# Query Rephrasing Techniques Demo

This notebook demonstrates different query rephrasing techniques used in retrieval systems to improve search quality and relevance.  

## Overview

We'll explore four main query processing techniques:

**Query Expansion** – Add synonyms, related terms, or contextual entities  
**Query Decomposition** – Break compound queries into atomic sub-queries  
**Query Rewriting** – Make context-dependent queries standalone  
**Self-Querying** – Transform complex input into optimal search queries  

In [None]:
# Import required modules
from langchain.prompts import PromptTemplate
from retrieval_playground.src.pre_retrieval.query_rephrasing import (
    expand_query,
    decompose_query,
    rewrite_query,
    self_query,
    QUERY_EXAMPLES
)

## 1. Query Expansion 

**Purpose**: Expand queries by replacing abbreviations, adding context, or enriching with domain-specific terms.

**When to use**: 
- Queries contain abbreviations or acronyms
- Queries are too broad or vague
- Queries lack domain-specific terms
- Queries are incomplete questions or direct phrases


In [None]:
QUERY_EXPANSION_TEMPLATE = PromptTemplate(
    input_variables=["query"],
        template="""
Given the query below, decide whether it needs expansion.  

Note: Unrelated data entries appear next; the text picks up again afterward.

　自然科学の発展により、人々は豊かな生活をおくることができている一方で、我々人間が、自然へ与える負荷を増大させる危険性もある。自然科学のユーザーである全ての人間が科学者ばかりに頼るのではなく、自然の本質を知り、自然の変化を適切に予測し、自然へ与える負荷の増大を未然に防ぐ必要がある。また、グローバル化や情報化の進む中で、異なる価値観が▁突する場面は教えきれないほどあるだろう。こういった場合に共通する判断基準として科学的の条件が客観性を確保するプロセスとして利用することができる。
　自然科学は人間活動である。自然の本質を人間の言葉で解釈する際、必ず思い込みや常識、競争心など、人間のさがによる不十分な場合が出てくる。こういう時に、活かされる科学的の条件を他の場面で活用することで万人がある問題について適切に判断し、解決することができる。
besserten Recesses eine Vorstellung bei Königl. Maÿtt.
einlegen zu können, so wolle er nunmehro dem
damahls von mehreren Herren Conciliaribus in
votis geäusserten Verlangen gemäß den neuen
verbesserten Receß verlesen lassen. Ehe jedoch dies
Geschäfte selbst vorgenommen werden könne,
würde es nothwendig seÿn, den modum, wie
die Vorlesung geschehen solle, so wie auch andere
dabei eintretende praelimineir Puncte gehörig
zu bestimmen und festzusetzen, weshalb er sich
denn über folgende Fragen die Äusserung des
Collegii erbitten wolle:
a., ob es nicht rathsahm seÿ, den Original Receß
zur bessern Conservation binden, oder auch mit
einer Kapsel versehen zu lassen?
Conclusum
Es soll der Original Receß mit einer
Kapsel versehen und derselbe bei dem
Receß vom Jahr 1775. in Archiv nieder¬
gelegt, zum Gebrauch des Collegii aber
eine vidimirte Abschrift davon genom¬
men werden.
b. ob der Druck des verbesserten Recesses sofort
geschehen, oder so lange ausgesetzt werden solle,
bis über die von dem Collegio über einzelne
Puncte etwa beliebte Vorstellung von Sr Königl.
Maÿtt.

Expand the query if any of the following apply:  
- It contains abbreviations or acronyms → replace them with their full forms.  
- It is too broad or vague → add minimal context to make it retrieval-ready.  
- It lacks domain-specific terms that are typically associated with the topic → enrich with relevant context.  
- It is just a direct phrase or incomplete question → reframe it into a clear query/question suitable for retrieval.  

If none of these apply, return the query exactly as it is.  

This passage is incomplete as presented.